Lately, memories have been resurfacing with a ferocity that I wish would abate. In this conjuring, I am just another weird working-class kid wearing a weird bucket hat (which I thought would help me fit in in London – incorrect) getting on a 6 hour bus ride with my classmates for our year ten school trip to the Tate Modern. We saw Hitchcock’s The Birds for the first time, courtesy of our equally weird art teacher and a ropey vhs player, wall mounted on the bus. We got mildly pissed in the back seats on vodka and blackcurrant squash, whilst we watched Tippi Hendren get slowly pecked into a catatonic state. I remember going into the turbine hall and being totally overwhelmed. Moving through the galleries, I was completely terrified by Paul McCarthy and totally entranced by a painting of a somewhat abstracted forest, Gothic Landscape, by Lee Krasner, (1961). It was the first time I’d seen depression, or a specific kind of endless pain, expressed via an artform, and I cried. 

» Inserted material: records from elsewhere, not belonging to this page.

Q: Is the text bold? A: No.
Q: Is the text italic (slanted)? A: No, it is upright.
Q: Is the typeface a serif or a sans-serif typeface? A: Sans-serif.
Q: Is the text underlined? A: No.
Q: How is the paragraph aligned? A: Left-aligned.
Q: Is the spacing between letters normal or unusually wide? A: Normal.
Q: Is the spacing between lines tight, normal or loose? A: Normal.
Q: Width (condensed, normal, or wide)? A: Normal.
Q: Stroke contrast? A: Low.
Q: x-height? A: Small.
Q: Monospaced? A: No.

Thinking about the exhibition Hold Me Close (the forest is full of police) at Peer Gallery, by Meera Shakti Osborne prompted the above remembering for many reasons. The show, which collaboratively reimagines London as a forest, is the artist’s first major solo presentation following a residency at Peer. The work profoundly moved me, so I wanted to talk to Meera more about it. Their work moves simultaneously and poetically through youth work, zines, writing, painting, collaboration, community, installation and methods of sampling, but most crucially, there’s something in Meera’s work that is about redefining everything, constantly, by the terms of the people who live in the place the work is about, as opposed to by the authority that occupies it.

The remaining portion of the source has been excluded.